笔记本将引导你使用一个优化提示,以更符合 Markdown 格式的方式输出内容。

%pip install --upgrade mlflow databricks-sdk dspy openai
dbutils.library.restartPython()

使用 MLflow make_judge

MLflow 的最新版本的 make_judge允许你使任何法官迎合你的特定用例。

from mlflow.genai.judges import make_judge

# Create a scorer for customer support quality
markdown_output_judge = make_judge(
    name="markdown_quality",
    instructions=(
        "Evaluate if the answer in {{ outputs }} follows a markdown formatting and accurately answers the question in {{ inputs }} and matches {{ expectations }}. Rate as high, medium or low quality"
    ),
    model="databricks:/databricks-claude-sonnet-4-5"
)

用于映射反馈的目标函数

法官提供的反馈需要映射到优化器可以使用的数值。 优化器还包含来自法官的反馈。

你需要一个函数来提供此映射回优化器。

def feedback_to_score(scores: dict) -> float:
    """Convert feedback values to numerical scores."""
    feedback_value = scores["markdown_quality"]
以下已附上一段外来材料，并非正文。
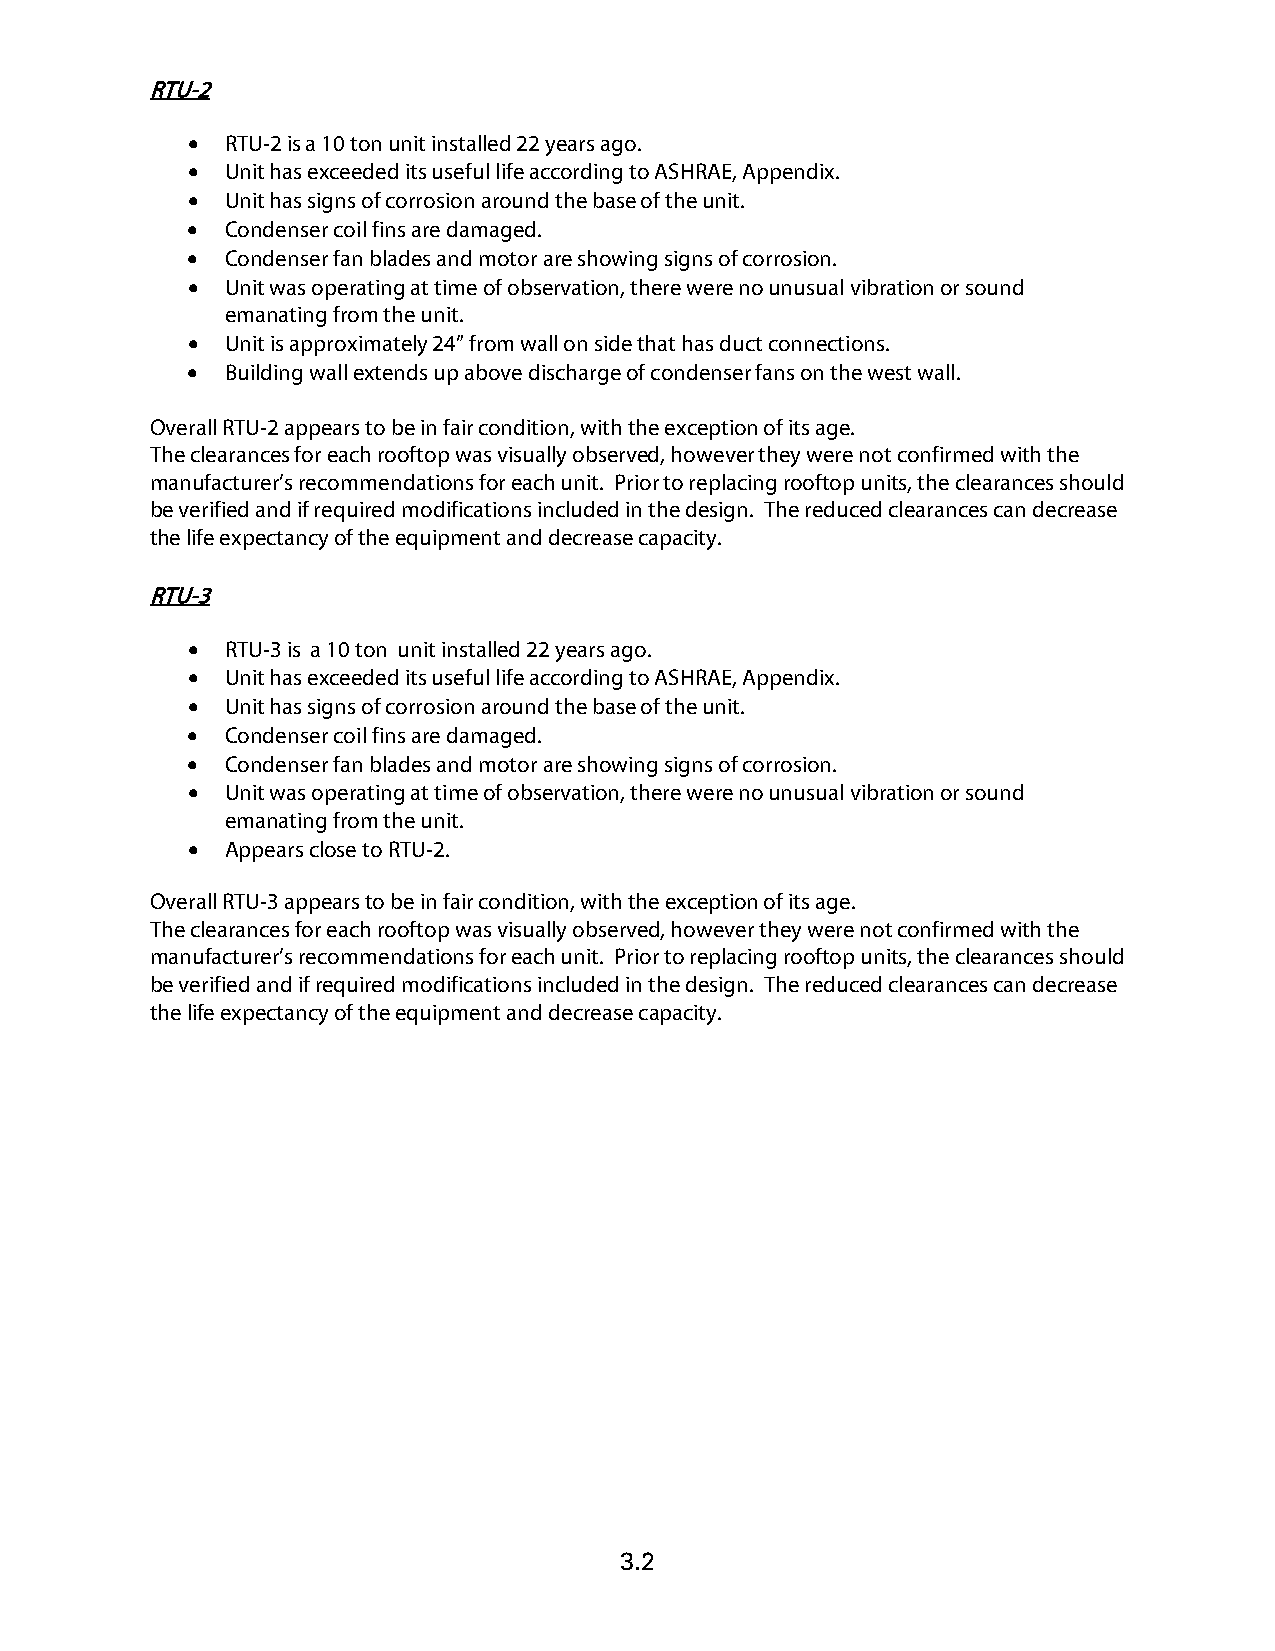
RTU-2
 •  RTU-2 is a 10 ton unit installed 22 years ago.
 •  Unit has exceeded its useful life according to ASHRAE, Appendix.
 •  Unit has signs of corrosion around the base of the unit.
 •  Condenser coil fins are damaged.
 •  Condenser fan blades and motor are showing signs of corrosion.
 •  Unit was operating at time of observation, there were no unusual vibration or sound
 emanating from the unit.
 •  Unit is approximately 24” from wall on side that has duct connections.
 •  Building wall extends up above discharge of condenser fans on the west wall.
 Overall RTU-2 appears to be in fair condition, with the exception of its age.
 The clearances for each rooftop was visually observed, however they were not confirmed with the
 manufacturer’s recommendations for each unit. Prior to replacing rooftop units, the clearances should
 be verified and if required modifications included in the design. The reduced clearances can decrease
 the life expectancy of the equipment and decrease capacity.
 RTU-3
 •  RTU-3 is a 10 ton unit installed 22 years ago.
 •  Unit has exceeded its useful life according to ASHRAE, Appendix.
 •  Unit has signs of corrosion around the base of the unit.
 •  Condenser coil fins are damaged.
 •  Condenser fan blades and motor are showing signs of corrosion.
 •  Unit was operating at time of observation, there were no unusual vibration or sound
 emanating from the unit.
 •  Appears close to RTU-2.
 Overall RTU-3 appears to be in fair condition, with the exception of its age.
 The clearances for each rooftop was visually observed, however they were not confirmed with the
 manufacturer’s recommendations for each unit. Prior to replacing rooftop units, the clearances should
 be verified and if required modifications included in the design. The reduced clearances can decrease
 the life expectancy of the equipment and decrease capacity.
 3.2
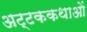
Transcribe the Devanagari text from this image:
अट्टककथाओं
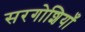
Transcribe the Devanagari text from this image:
सरगोशियाँ
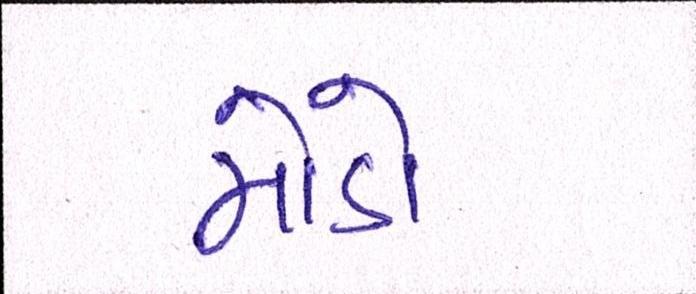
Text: મોડો
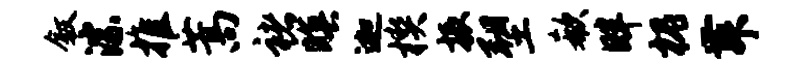
叙淙推蒿褚暝迦楔振塑欷畔槐舞
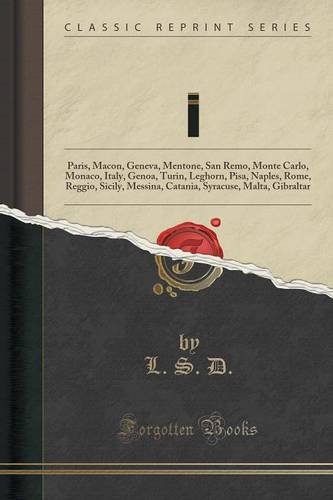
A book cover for "Trip to the Sunny South" In March, 1885: Paris, Macon, Geneva, Mentone, San Remo, Monte Carlo, Monaco, Italy, Genoa, Turin, Leghorn, Pisa, Naples, ... Syracuse, Malta, Gibraltar (Classic Reprint); L. S. D.; Travel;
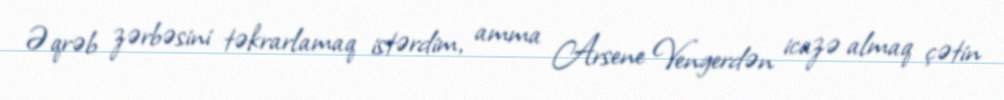
Əqrəb zərbəsini təkrarlamaq istərdim, amma Arsene Vengerdən icazə almaq çətin
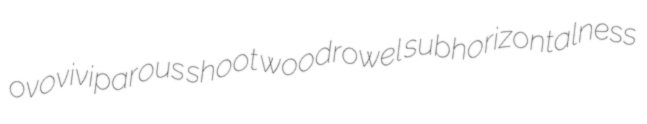
ovoviviparous shoot woodrowel subhorizontalness
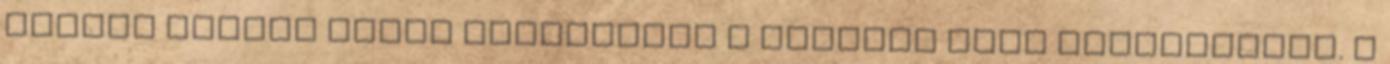
család minden tagja megtalálja a kedvére való szórakozást. A
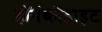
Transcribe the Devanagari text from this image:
हॉर्नब्लेंडाइट
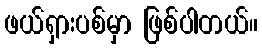
ဖယ်ရှားပစ်မှာ ဖြစ်ပါတယ်။
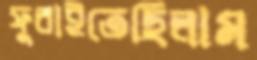
ফুরাইতেছিলাম
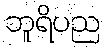
ဘူရိပည
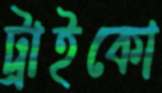
ট্রাইকো
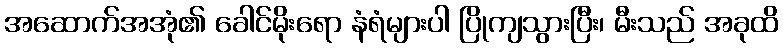
အဆောက်အအုံ၏ ခေါင်မိုးရော နံရံများပါ ပြိုကျသွားပြီး၊ မီးသည် အခုထိ
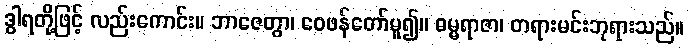
ဒွါရတို့ဖြင့် လည်းကောင်း။ ဘာဇေတွာ၊ ဝေဖန်တော်မူ၍။ ဓမ္မရာဇာ၊ တရားမင်းဘုရားသည်။
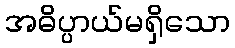
အဓိပ္ပာယ်မရှိသော
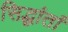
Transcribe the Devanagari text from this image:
सिद्धांतां
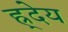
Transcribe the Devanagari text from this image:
ह्र्देय
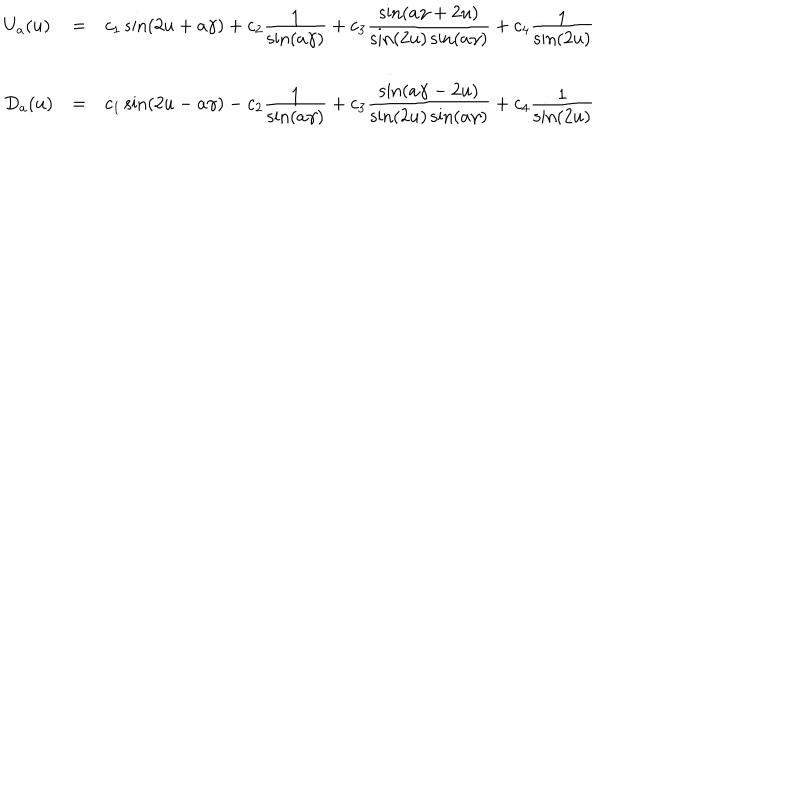
\begin{array} { l c l } { { U _ { a } ( u ) } } & { { = } } & { { c _ { 1 } \sin ( 2 u + a \gamma ) + c _ { 2 } \frac { \textstyle 1 } { \textstyle \sin ( a \gamma ) } + c _ { 3 } \frac { \textstyle \sin ( a \gamma + 2 u ) } { \textstyle \sin ( 2 u ) \sin ( a \gamma ) } + c _ { 4 } \frac { \textstyle 1 } { \textstyle \sin ( 2 u ) } } } \\ { { D _ { a } ( u ) } } & { { = } } & { { c _ { 1 } \sin ( 2 u - a \gamma ) - c _ { 2 } \frac { \textstyle 1 } { \textstyle \sin ( a \gamma ) } + c _ { 3 } \frac { \textstyle \sin ( a \gamma - 2 u ) } { \textstyle \sin ( 2 u ) \sin ( a \gamma ) } + c _ { 4 } \frac { \textstyle 1 } { \textstyle \sin ( 2 u ) } } } \\ \end{array}
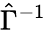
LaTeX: \hat{\Gamma}^{-1}
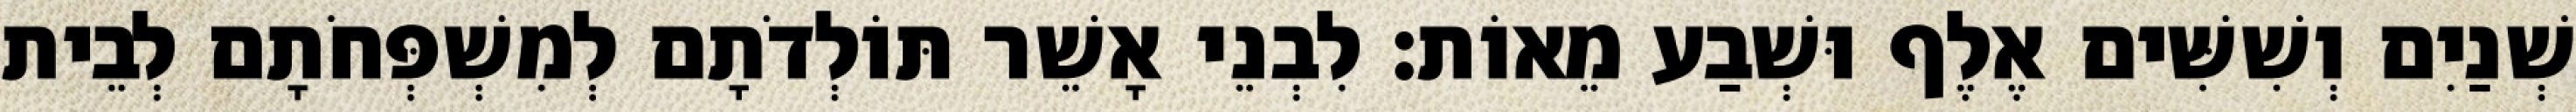
שְׁנַיִם וְשִׁשִּׁים אֶלֶף וּשְׁבַע מֵאוֹת׃ לִבְנֵי אָשֵׁר תּוֹלְדֹתָם לְמִשְׁפְּחֹתָם לְבֵית
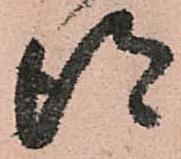
得
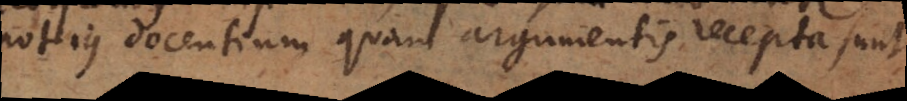
potius docentium quam argumentis recepta sunt
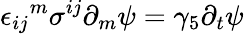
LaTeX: {\epsilon_{ij}}^{m}\sigma^{ij}\partial_{m}\psi=\gamma_{5}\partial_{t}\psi
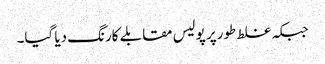
جبکہ غلط طورپر پولیس مقابلے کارنگ دیا گیا۔
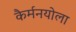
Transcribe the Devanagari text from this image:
कैर्मनयोला
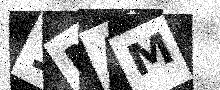
Text: 1MAM
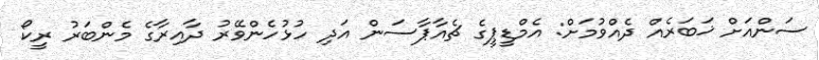
ސަންއަށް ޚަބަރެއް ދެއްވުމަށް: އެމްޑީޕީގެ ޗެއާޕާސަން އަދި ހުޅުހެންވޭރު ދާއިރާގެ މެންބަރު ރީކޯ
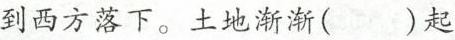
到西方落下。土地渐渐（)起
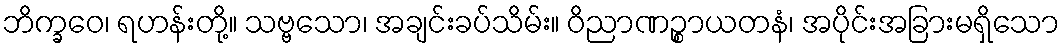
ဘိက္ခဝေ၊ ရဟန်းတို့။ သဗ္ဗသော၊ အချင်းခပ်သိမ်း။ ဝိညာဏဉ္စာယတနံ၊ အပိုင်းအခြားမရှိသော
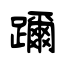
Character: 躎
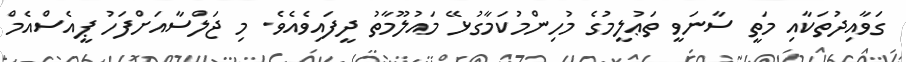
ގަވާއިދުތަކާއި މަތީ ސާނަވީ ތަޢުލީމުގެ މުހިންމުކަމާގުޅޭ މައުލޫމާތު ދީފައިވެއެވެ. މި ޖަލްސާއަށްފަހު ޕީއެސްއެމް
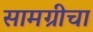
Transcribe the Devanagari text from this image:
सामग्रीचा
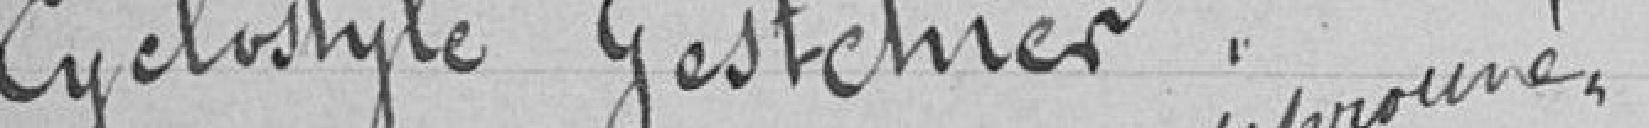
Cyclostyle Gestetner
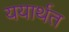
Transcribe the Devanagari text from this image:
ययार्थत
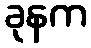
ခုနက
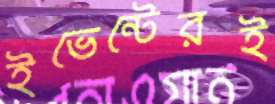
ইভেন্টেরই
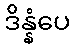
ဒိန္နံပေ
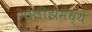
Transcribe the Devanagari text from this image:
मोलीझेमध्ये
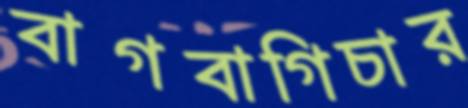
বাগবাগিচার
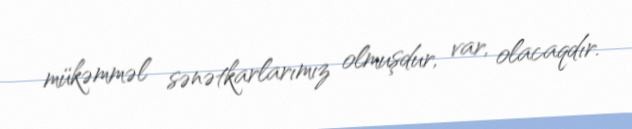
mükəmməl sənətkarlarımız olmuşdur, var, olacaqdır.
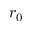
r _ { 0 }
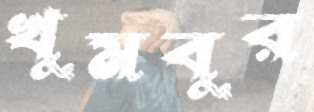
খুমবুর
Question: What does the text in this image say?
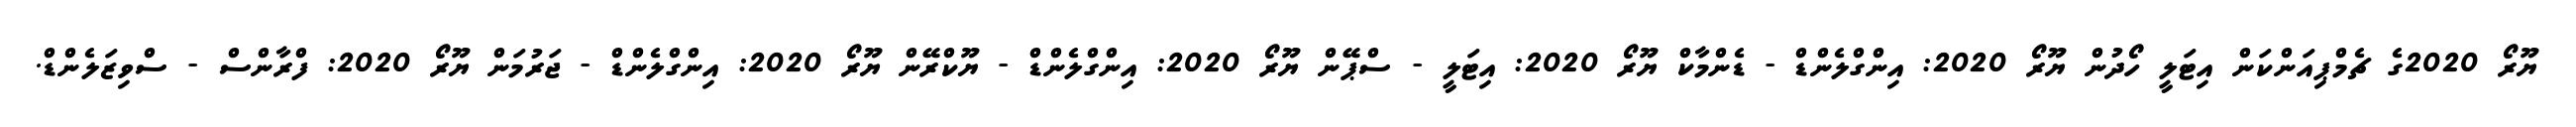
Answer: ޔޫރޯ 2020ގެ ޗެމްޕިއަންކަން އިޓަލީ ހޯދުން ޔޫރޯ 2020: އިންގްލެންޑް - ޑެންމާކް ޔޫރޯ 2020: އިޓަލީ - ސްޕޭން ޔޫރޯ 2020: އިންގްލެންޑް - ޔޫކްރޭން ޔޫރޯ 2020: އިންގްލެންޑް - ޖަރުމަން ޔޫރޯ 2020: ފްރާންސް - ސްވިޒަލެންޑް.
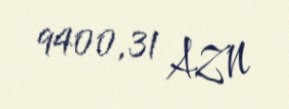
9400,31 AZN
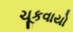
ચૂકવાયો
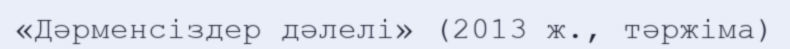
«Дәрменсіздер дәлелі» (2013 ж., тәржіма)
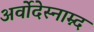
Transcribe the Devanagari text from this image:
अर्वोदेस्नाम्न्द
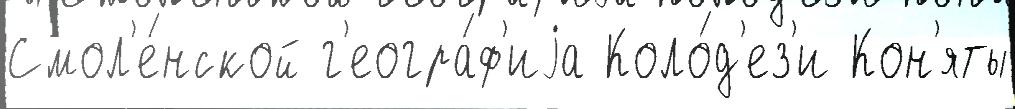
Смол'е́нской г'еогра́ф'иjа Коло́д'ез'и Кон'яты
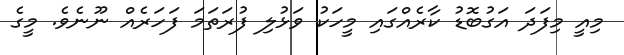
މިއީ މިފަދަ އަގުބޮޑު ކާރެއްގައި މީހަކު ވަޅުލި ފުރަތަމަ ފަހަރެއް ނޫނެވެ. މީގެ

    # Map categorical feedback to numerical values
    feedback_mapping = {
        "high": 1.0,
        "medium": 0.5,
        "low": 0.0
    }

    # Handle Feedback objects by accessing .value attribute
    if hasattr(feedback_value, 'value'):
        feedback_str = str(feedback_value.value).lower()
    else:
        feedback_str = str(feedback_value).lower()

    return feedback_mapping.get(feedback_str, 0.0)

测试模型

可以按原样测试此模型。 在以下示例中,模型不以 Markdown 格式输出。

import mlflow
import openai
from mlflow.genai.optimize import GepaPromptOptimizer
from databricks_openai import DatabricksOpenAI

# Change this to your workspace catalog and schema
catalog = ""
schema = ""
prompt_location = f"{catalog}.{schema}.markdown"

openai_client = DatabricksOpenAI()

# Register initial prompt
prompt = mlflow.genai.register_prompt(
    name=prompt_location,
    template="Answer this question: {{question}}",
)

# Define your prediction function
def predict_fn(question: str) -> str:
    prompt = mlflow.genai.load_prompt(f"prompts:/{prompt_location}/1")
    completion = openai_client.chat.completions.create(
        model="databricks-gpt-oss-20b",
        messages=[{"role": "user", "content": prompt.format(question=question)}],
    )
    return completion.choices[0].message.content
from IPython.display import Markdown

output = predict_fn("What is the capital of France?")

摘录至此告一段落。